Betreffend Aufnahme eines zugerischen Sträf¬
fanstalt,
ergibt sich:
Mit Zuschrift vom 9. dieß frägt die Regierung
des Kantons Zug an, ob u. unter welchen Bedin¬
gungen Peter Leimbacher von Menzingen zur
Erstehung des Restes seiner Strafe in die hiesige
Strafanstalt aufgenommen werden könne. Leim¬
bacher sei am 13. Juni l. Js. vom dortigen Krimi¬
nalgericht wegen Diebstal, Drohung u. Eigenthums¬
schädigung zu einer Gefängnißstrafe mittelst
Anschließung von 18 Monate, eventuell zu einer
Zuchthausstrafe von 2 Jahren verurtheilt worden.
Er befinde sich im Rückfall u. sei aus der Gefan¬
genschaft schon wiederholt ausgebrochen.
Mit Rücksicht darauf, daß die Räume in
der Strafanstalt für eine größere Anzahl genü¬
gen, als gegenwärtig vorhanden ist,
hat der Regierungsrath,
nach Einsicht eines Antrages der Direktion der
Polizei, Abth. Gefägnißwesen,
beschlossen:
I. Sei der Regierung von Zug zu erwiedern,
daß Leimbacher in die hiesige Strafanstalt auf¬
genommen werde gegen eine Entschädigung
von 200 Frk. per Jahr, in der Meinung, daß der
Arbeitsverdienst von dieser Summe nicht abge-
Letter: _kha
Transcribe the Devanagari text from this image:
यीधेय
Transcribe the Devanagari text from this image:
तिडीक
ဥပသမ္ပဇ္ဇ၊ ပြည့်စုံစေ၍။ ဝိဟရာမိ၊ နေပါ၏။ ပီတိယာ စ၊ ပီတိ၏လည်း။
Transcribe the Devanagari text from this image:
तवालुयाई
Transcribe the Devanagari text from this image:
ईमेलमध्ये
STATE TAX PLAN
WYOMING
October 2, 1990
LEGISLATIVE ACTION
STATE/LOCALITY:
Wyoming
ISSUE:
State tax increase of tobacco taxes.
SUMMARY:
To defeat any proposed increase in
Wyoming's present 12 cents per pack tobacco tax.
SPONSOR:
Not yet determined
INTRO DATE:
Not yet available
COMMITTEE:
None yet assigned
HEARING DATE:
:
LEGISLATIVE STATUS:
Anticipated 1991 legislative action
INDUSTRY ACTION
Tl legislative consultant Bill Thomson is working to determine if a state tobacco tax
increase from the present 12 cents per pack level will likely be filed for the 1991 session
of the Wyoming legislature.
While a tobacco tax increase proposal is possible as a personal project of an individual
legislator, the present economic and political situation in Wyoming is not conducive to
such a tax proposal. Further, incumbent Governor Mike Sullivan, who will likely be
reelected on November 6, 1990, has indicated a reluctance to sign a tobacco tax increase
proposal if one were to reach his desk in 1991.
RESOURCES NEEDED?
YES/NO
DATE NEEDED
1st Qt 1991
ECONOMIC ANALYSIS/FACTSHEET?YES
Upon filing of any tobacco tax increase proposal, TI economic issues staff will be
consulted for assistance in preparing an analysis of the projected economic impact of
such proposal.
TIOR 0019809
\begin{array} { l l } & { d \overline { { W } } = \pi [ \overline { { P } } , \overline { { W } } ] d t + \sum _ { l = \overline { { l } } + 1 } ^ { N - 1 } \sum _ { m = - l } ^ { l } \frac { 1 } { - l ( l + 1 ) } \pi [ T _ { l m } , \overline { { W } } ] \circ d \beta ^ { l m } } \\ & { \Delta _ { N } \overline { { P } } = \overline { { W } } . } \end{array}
○ ○ ○ ○ ○
What the task asks » Scan the listing above, and wherever a line holds the word "DATE", copy it.

Task solution »
INTRO DATE:
HEARING DATE:
DATE NEEDED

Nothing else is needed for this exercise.